Hi @patriciamdr If you have the right to access the dataset H3.6M, you could ask them if they provide the camera parameters for the TOF data. But as far as I know, they probably do not have it.

Dipankar1997161 commented 1 year ago

@axhiao @hanabi7 How do get the human3.6m extrinsic camera parameters? I checked the repo mentioned above, however, it doesn't look quite accurate to me.

Did anyone else validate? Or does anyone know how the intri and extr camera parameters of h36m dataset?

Would be really useful for my research. THank you so much

nulledge commented 1 year ago

@Dipankar1997161 I think that repository provides accurate parameters. But if you want to get parameters manually, see H36M/H36MCamera.m. All parameters are stored in metadata.xml and H36M/H36MCamera.m extracts camera parameters(f, c, k, p, R, T) from it.

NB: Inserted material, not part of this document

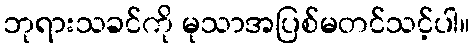
ဘုရားသခင်ကို မုသာအပြစ်မတင်သင့်ပါ။

If you are not familiar with MATLAB, my Python script(link) may be helpful. Install MATLAB engine library and just call get_intrinsics function to get f, c, k, p. Also you can edit it to get R and T.

Note that Human3.6M provides only parameters of RGB, but not TOF. It suggests to use parameters of RGB as approximated parameters of TOF. Of course it's not accurate.